▸ **Task prompt**:
Copy the data that follows exactly. Include no pictures.

Records from a data source:

[Start of Attachment]

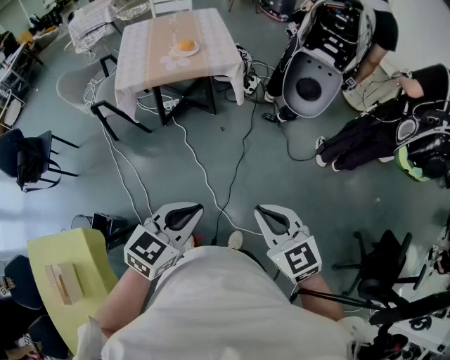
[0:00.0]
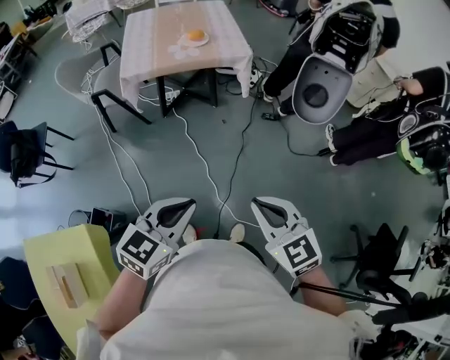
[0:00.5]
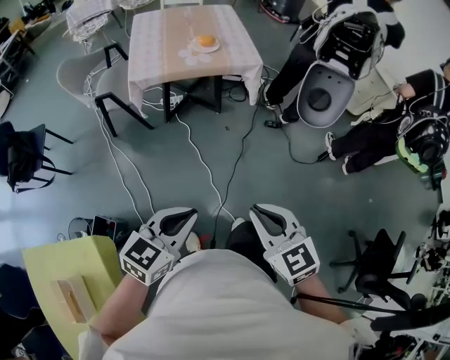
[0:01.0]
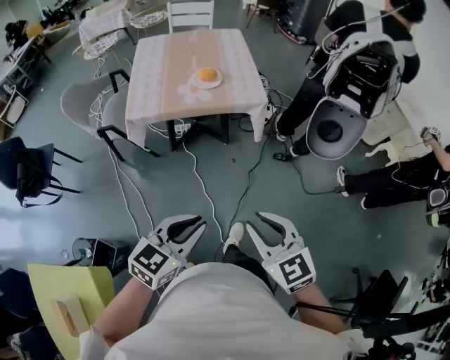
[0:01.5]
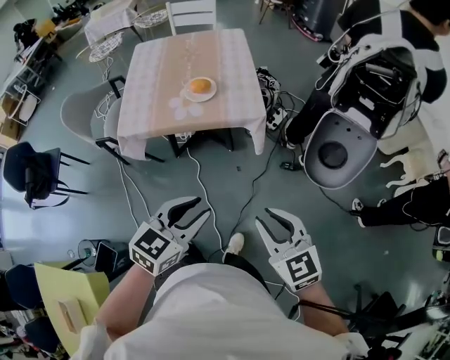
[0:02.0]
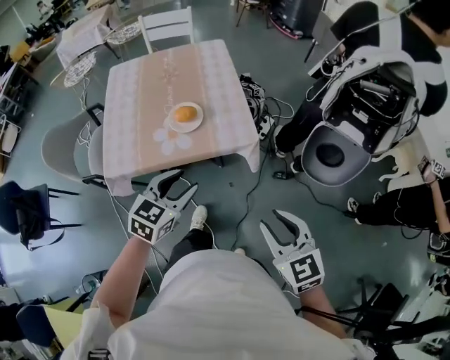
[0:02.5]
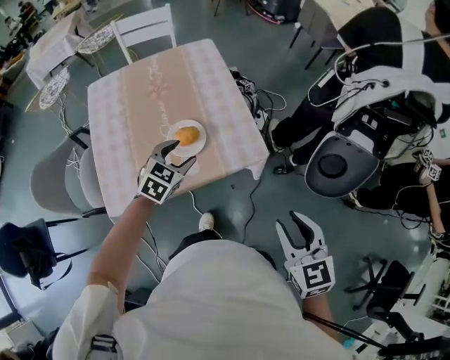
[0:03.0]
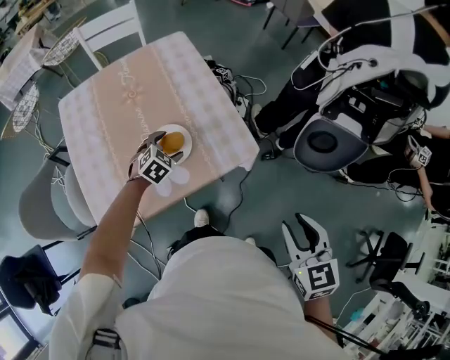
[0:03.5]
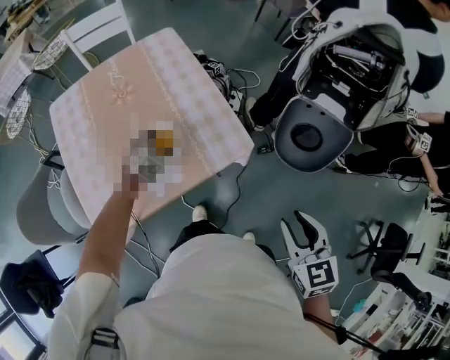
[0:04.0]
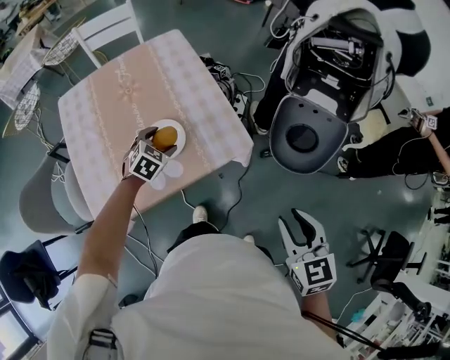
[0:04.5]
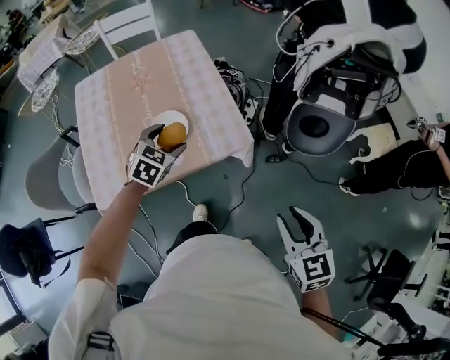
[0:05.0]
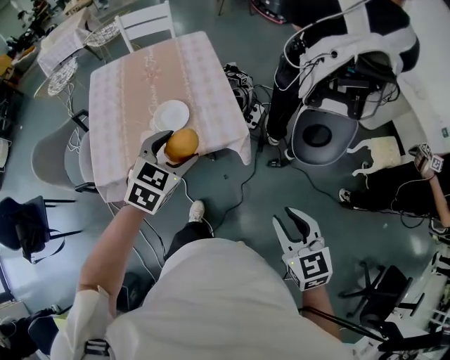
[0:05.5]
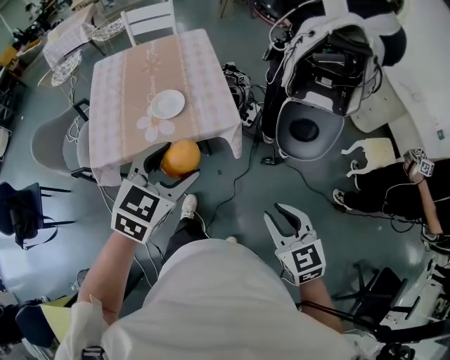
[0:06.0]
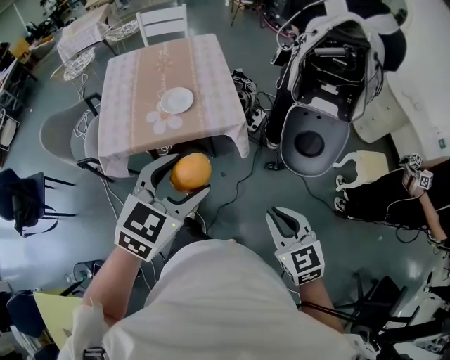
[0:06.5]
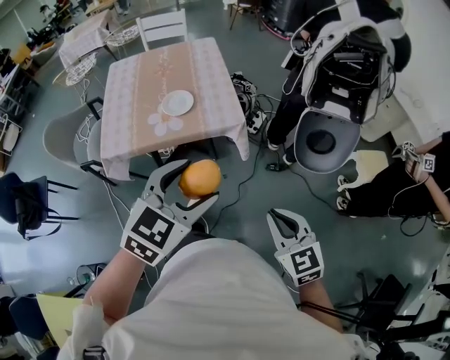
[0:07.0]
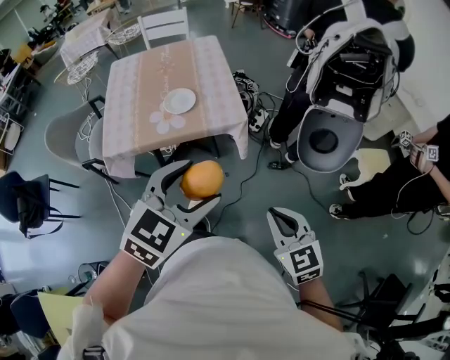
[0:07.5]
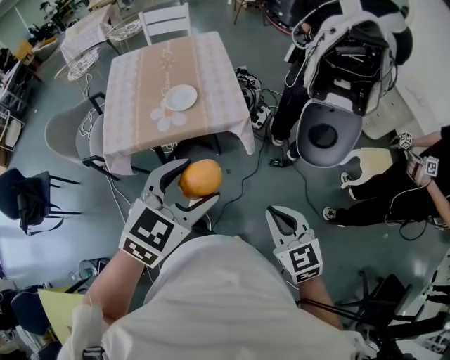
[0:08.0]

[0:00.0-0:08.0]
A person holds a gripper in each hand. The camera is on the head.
0:00.0 to 0:02.0: The two grippers go roughly 30 cm forward. The right gripper opens up.
0:02.0 to 0:04.0: The left gripper goes approximately 60 cm forward, downward and to the left, angles its fingers downward, by about 30 degrees, and opens up, while the right gripper travels forward by some 20 cm, and rotates about 40 degrees.
0:04.0 to 0:06.0: The left gripper is displaced upward, backward and to the right by approximately 50 cm, and swivels some 30 degrees, while the right gripper is displaced backward and to the right by some 15 cm, and changes its angle by some 30 degrees.
0:06.0 to 0:08.0: The left gripper shifts approximately 10 cm backward. Meanwhile the right gripper closes up.

[End of Attachment]

▸ **Result of the task**:
[0:00.0]
[0:00.5]
[0:01.0]
[0:01.5]
[0:02.0]
[0:02.5]
[0:03.0]
[0:03.5]
[0:04.0]
[0:04.5]
[0:05.0]
[0:05.5]
[0:06.0]
[0:06.5]
[0:07.0]
[0:07.5]
[0:08.0]

[0:00.0-0:08.0]
A person holds a gripper in each hand. The camera is on the head.
0:00.0 to 0:02.0: The two grippers go roughly 30 cm forward. The right gripper opens up.
0:02.0 to 0:04.0: The left gripper goes approximately 60 cm forward, downward and to the left, angles its fingers downward, by about 30 degrees, and opens up, while the right gripper travels forward by some 20 cm, and rotates about 40 degrees.
0:04.0 to 0:06.0: The left gripper is displaced upward, backward and to the right by approximately 50 cm, and swivels some 30 degrees, while the right gripper is displaced backward and to the right by some 15 cm, and changes its angle by some 30 degrees.
0:06.0 to 0:08.0: The left gripper shifts approximately 10 cm backward. Meanwhile the right gripper closes up.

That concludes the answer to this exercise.